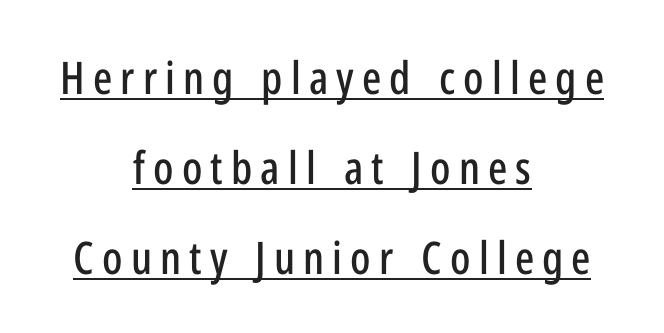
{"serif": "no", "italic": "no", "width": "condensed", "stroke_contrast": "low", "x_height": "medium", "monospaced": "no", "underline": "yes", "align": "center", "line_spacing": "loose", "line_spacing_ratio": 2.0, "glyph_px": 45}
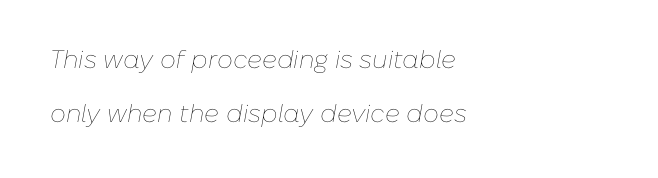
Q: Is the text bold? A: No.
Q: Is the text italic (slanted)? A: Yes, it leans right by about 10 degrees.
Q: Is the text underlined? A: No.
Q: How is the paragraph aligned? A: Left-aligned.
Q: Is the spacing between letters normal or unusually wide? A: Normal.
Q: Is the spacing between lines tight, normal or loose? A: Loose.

........

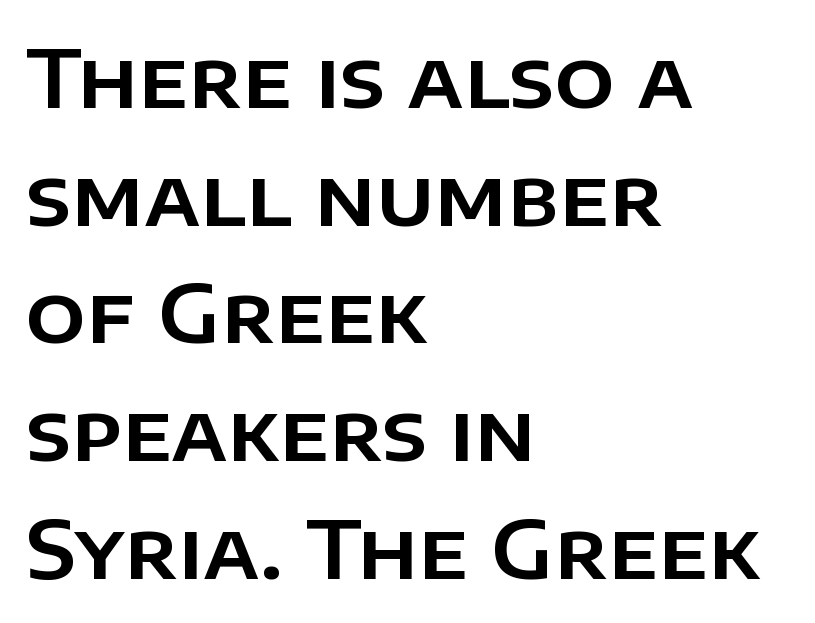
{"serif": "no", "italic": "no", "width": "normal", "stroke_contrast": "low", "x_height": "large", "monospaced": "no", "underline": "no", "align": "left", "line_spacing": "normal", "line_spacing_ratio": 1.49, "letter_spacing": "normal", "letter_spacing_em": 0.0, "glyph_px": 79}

........

◆ **What the exercise asks**:
Look above for the line holding "Q: Is the text bold? A: No.", then set down exactly that line and every line after it up to and including the line holding "Q: Is the spacing between lines", with nothing else.

◆ **Reply to the task**:
Q: Is the text bold? A: No.
Q: Is the text italic (slanted)? A: Yes, it leans right by about 10 degrees.
Q: Is the text underlined? A: No.
Q: How is the paragraph aligned? A: Left-aligned.
Q: Is the spacing between letters normal or unusually wide? A: Normal.
Q: Is the spacing between lines tight, normal or loose? A: Loose.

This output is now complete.